→ **DATA**
________________________________________

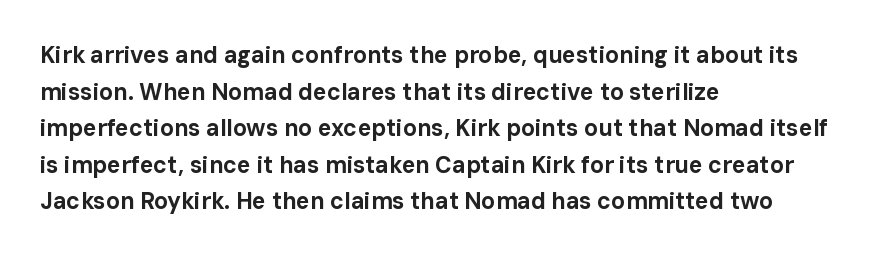
Visually the block forms a straight wall on the left and a jagged coastline on the right. The letters are bold, with thick, heavy strokes. The gap between lines stays unmarked. This sample keeps an unexceptional amount of space between lines. The horizontal fit of the characters is conventional and even. Vertical strokes here are truly vertical.
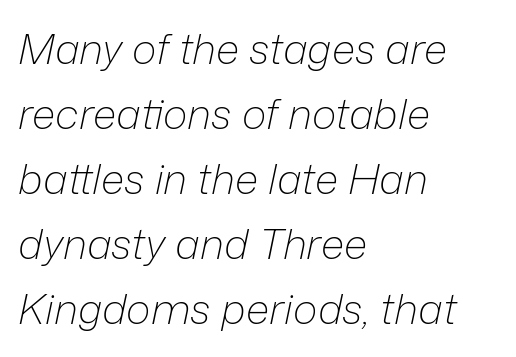
{"italic": "yes", "lean": "right", "slant_degrees": 12, "bold": "no", "weight": "light", "width": "normal", "stroke_contrast": "low", "x_height": "medium", "monospaced": "no", "underline": "no", "align": "left", "line_spacing": "normal", "line_spacing_ratio": 1.55, "letter_spacing": "normal", "letter_spacing_em": 0.0, "glyph_px": 42}
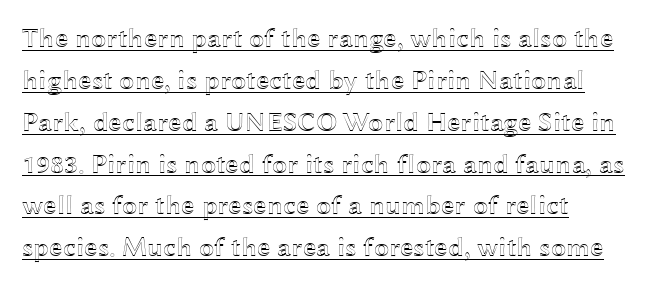
How would I describe the line gaps? Plain and ordinary. Caption: standard tracking, unaltered. The lettering stays uniformly vertical, giving the passage a roman look. The rendering anchors every line to the left-hand side. Somebody hit Ctrl+U on this one — the words are underlined.

________________________________________

Each line above that contains the word "stays" must be copied.

Visually the block forms a straight wall on the left and a jagged coastline on the right. The letters are bold, with thick, heavy strokes. The gap between lines stays unmarked. This sample keeps an unexceptional amount of space between lines. The horizontal fit of the characters is conventional and even. Vertical strokes here are truly vertical.
How would I describe the line gaps? Plain and ordinary. Caption: standard tracking, unaltered. The lettering stays uniformly vertical, giving the passage a roman look. The rendering anchors every line to the left-hand side. Somebody hit Ctrl+U on this one — the words are underlined.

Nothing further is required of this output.